If I look the raw countdata, ~55% of my genes have zero counts in all the samples (64 samples in total for 8 genotypes). Though filterByExpr effectively eliminated several high FC yielding but low level expressed unwanted genes, I noticed that some of the biologically interesting genes are eliminated. For ex, if I take a subset of the samples for a single genotype having two time points for control and stress, following pattern (ie, 2h stress induction) is interesting to my biological question,
2h_C1_1 2h_C1_2 4h_C1_1 4h_C1_2 2h_S1_1 2h_S1_2 4h_S1_1 4h_S1_2
Gene_x 0 0 18 15 48 54 29 35
How can I deal with elimination?
I use code,
group <- factor(paste(targets$Treat,targets$Time,targets$Genotype,sep="."))
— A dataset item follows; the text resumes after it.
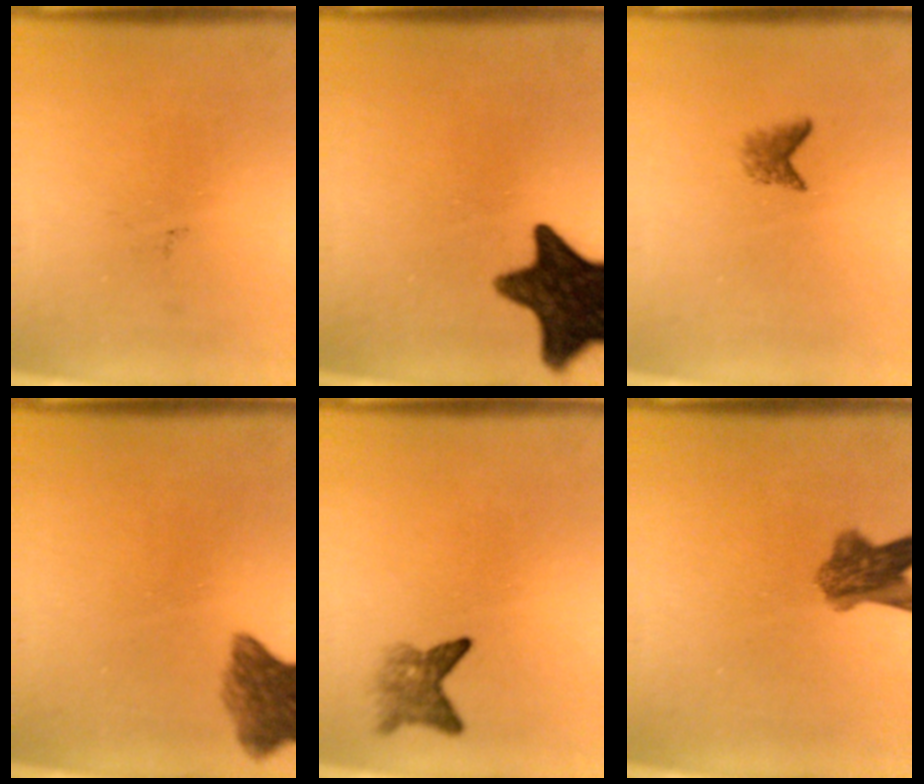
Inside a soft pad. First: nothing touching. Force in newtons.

cbind(targets,Group=group)
y <- DGEList(counts=x)
keep <- filterByExpr(y)
y <- y[keep, , keep.lib.sizes=FALSE]
y <- calcNormFactors(y)
design <- model.matrix(~0+group)
colnames(design) <- levels(group)
y <- estimateDisp(y, design)
fit <- glmQLFit(y, design)
my.contrasts <- makeContrasts(--contrast--,levels=design)
qlf <- glmQLFTest(fit, contrast=my.contrasts[--contrast--])
topTags(qlf)
Now the list looks perfect..Thank you Gordon Symth!